[Excerpts from a dataset]
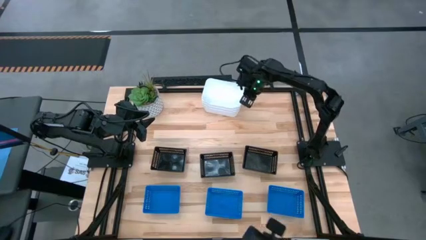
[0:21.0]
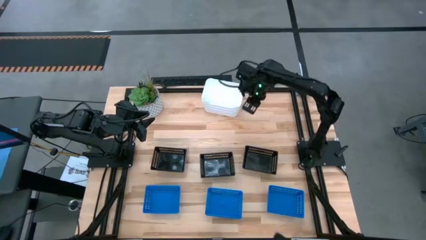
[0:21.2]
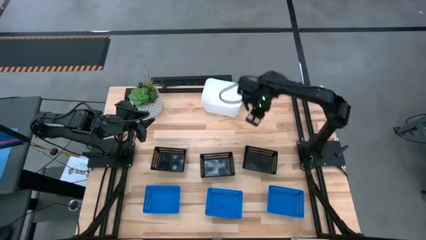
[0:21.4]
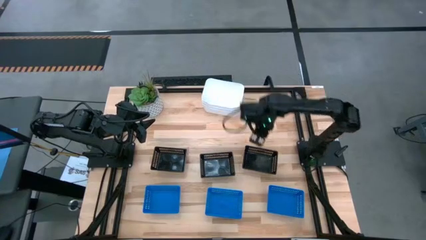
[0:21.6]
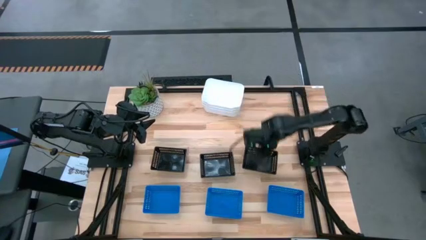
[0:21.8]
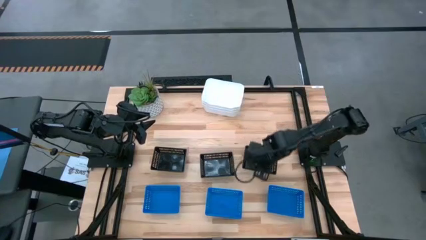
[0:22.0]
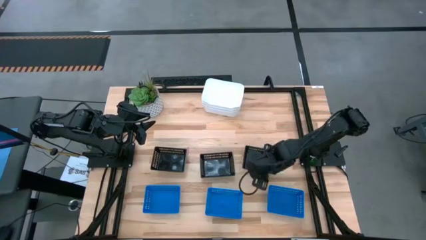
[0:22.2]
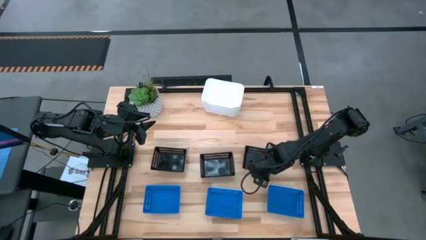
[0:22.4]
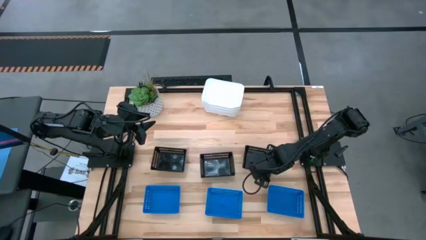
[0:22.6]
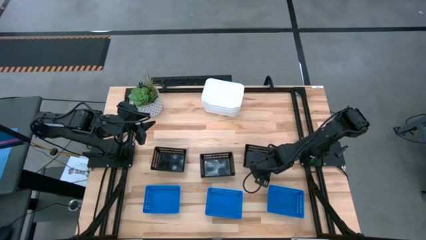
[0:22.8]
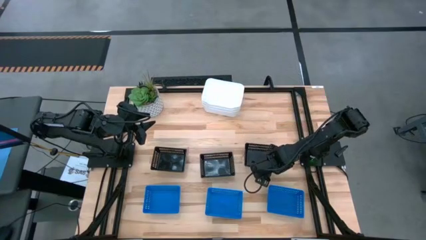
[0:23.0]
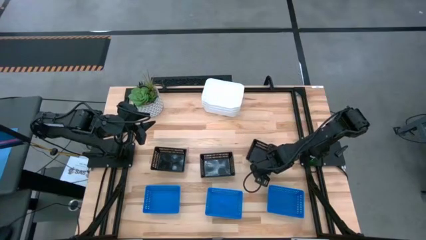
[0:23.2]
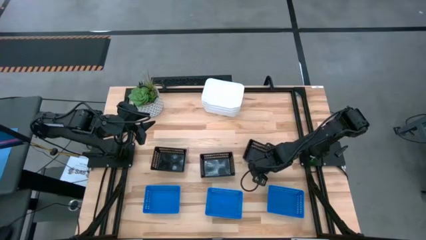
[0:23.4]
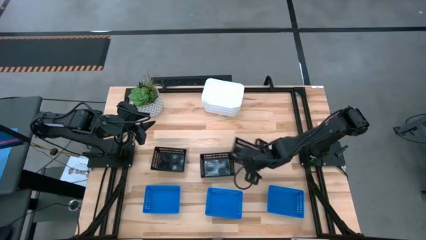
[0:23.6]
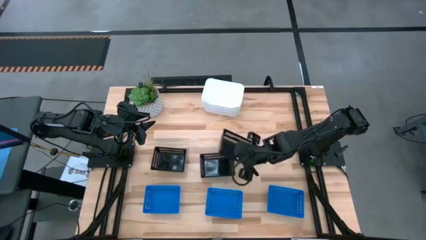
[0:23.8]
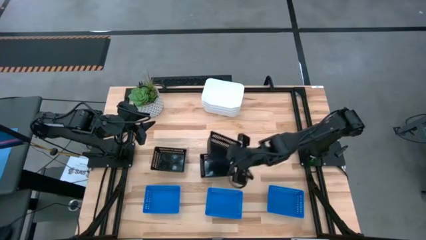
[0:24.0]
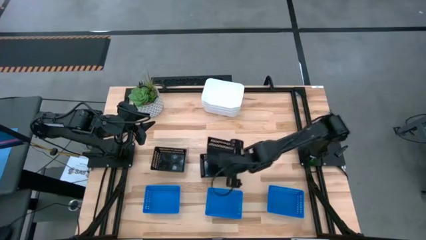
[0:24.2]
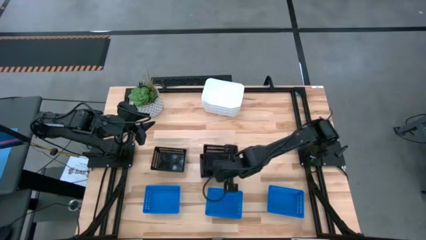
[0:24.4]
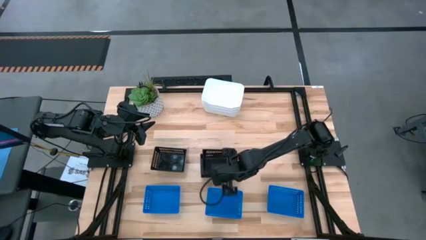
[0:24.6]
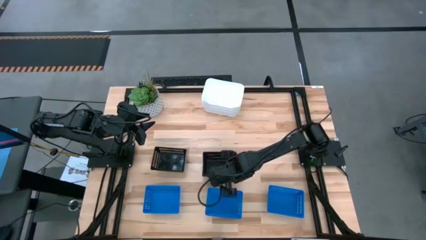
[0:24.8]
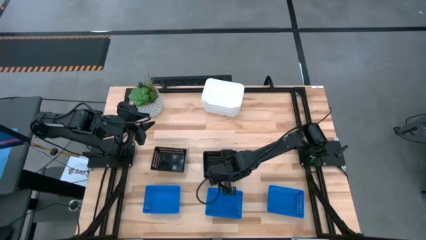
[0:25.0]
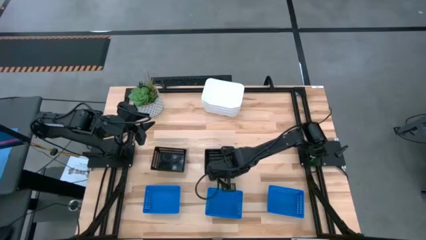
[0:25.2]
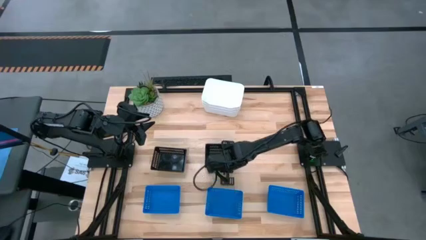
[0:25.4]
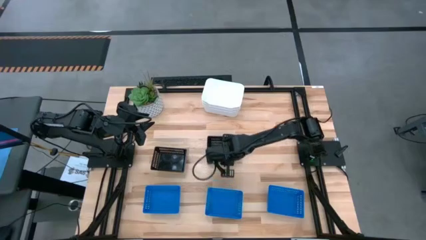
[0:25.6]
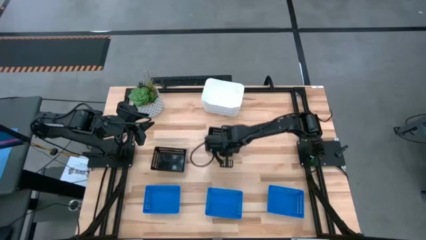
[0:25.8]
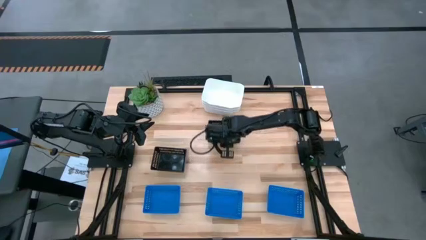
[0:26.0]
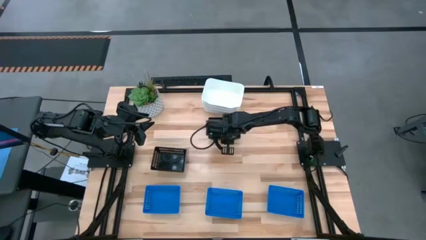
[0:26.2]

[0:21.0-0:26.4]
Stack the right black bin on the middle black bin

### What you will do
Restate the records above in full, word for word. Keep pictures out.

### Answer space
[0:21.0]
[0:21.2]
[0:21.4]
[0:21.6]
[0:21.8]
[0:22.0]
[0:22.2]
[0:22.4]
[0:22.6]
[0:22.8]
[0:23.0]
[0:23.2]
[0:23.4]
[0:23.6]
[0:23.8]
[0:24.0]
[0:24.2]
[0:24.4]
[0:24.6]
[0:24.8]
[0:25.0]
[0:25.2]
[0:25.4]
[0:25.6]
[0:25.8]
[0:26.0]
[0:26.2]

[0:21.0-0:26.4]
Stack the right black bin on the middle black bin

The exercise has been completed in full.